▸ WHAT YOU ARE ASKED TO DO:
The entries below hold a line with "abrir, mas las" and a line with "इन में से कुछ". Return those lines and all that lie between them, exactly and only.

Stored records:

----------------------------------------

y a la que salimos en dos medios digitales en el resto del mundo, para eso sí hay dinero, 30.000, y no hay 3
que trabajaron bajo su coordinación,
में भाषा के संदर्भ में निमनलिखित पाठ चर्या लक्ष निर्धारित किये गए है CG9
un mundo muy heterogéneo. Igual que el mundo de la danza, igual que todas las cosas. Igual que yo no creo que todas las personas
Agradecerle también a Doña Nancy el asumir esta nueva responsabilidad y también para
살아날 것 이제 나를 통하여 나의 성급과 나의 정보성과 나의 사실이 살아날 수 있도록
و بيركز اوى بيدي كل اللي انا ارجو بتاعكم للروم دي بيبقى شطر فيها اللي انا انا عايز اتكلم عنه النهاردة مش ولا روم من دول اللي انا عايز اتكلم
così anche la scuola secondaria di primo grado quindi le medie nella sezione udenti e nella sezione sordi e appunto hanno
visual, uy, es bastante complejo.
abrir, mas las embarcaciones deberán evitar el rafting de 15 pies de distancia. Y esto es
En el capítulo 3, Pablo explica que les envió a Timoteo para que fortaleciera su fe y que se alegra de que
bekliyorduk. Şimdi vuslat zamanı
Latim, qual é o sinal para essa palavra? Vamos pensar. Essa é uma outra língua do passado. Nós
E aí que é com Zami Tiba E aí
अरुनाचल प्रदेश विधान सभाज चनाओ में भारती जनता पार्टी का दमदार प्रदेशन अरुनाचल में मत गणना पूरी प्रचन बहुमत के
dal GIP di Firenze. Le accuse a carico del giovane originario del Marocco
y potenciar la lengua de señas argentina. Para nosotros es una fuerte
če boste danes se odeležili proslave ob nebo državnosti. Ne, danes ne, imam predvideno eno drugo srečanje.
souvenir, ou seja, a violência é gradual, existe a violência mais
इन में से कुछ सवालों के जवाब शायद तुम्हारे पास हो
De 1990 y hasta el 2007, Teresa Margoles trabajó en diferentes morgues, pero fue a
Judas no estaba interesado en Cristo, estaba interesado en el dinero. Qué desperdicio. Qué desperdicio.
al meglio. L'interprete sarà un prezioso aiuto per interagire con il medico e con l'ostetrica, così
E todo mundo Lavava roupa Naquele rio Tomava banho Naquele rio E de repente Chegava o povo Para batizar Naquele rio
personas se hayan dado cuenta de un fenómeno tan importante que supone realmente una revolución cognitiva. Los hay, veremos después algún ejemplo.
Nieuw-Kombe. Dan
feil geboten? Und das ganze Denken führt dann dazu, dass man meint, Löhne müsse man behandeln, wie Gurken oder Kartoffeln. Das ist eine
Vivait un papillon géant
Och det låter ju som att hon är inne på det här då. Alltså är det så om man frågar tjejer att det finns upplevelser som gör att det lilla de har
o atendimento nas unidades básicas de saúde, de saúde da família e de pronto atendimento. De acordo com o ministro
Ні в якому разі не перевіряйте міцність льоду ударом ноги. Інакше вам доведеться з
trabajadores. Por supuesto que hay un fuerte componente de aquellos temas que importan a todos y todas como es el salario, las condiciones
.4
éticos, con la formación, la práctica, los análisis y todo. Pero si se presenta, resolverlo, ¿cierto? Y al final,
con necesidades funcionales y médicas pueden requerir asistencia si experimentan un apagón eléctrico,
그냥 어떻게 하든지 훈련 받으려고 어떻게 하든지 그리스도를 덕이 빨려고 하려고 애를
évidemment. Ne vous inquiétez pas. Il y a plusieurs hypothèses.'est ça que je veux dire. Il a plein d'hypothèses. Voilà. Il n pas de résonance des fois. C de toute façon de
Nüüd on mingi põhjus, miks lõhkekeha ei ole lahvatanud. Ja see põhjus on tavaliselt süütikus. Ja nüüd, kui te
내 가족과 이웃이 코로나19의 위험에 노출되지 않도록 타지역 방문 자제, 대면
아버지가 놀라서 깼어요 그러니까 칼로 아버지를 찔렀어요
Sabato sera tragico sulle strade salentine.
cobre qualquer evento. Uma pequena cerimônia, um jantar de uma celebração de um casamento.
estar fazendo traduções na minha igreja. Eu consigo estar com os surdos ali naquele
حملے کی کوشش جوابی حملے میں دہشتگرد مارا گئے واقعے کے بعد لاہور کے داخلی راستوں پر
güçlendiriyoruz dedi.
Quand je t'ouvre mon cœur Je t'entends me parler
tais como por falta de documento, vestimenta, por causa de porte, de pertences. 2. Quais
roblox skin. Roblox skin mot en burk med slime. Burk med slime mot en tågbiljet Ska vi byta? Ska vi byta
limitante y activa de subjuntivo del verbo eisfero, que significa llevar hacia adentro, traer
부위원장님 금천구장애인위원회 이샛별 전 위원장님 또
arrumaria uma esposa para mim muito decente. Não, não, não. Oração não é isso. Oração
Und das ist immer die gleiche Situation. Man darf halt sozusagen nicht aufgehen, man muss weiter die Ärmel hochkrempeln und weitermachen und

----------------------------------------

▸ WRITTEN ANSWER:
abrir, mas las embarcaciones deberán evitar el rafting de 15 pies de distancia. Y esto es
En el capítulo 3, Pablo explica que les envió a Timoteo para que fortaleciera su fe y que se alegra de que
bekliyorduk. Şimdi vuslat zamanı
Latim, qual é o sinal para essa palavra? Vamos pensar. Essa é uma outra língua do passado. Nós
E aí que é com Zami Tiba E aí
अरुनाचल प्रदेश विधान सभाज चनाओ में भारती जनता पार्टी का दमदार प्रदेशन अरुनाचल में मत गणना पूरी प्रचन बहुमत के
dal GIP di Firenze. Le accuse a carico del giovane originario del Marocco
y potenciar la lengua de señas argentina. Para nosotros es una fuerte
če boste danes se odeležili proslave ob nebo državnosti. Ne, danes ne, imam predvideno eno drugo srečanje.
souvenir, ou seja, a violência é gradual, existe a violência mais
इन में से कुछ सवालों के जवाब शायद तुम्हारे पास हो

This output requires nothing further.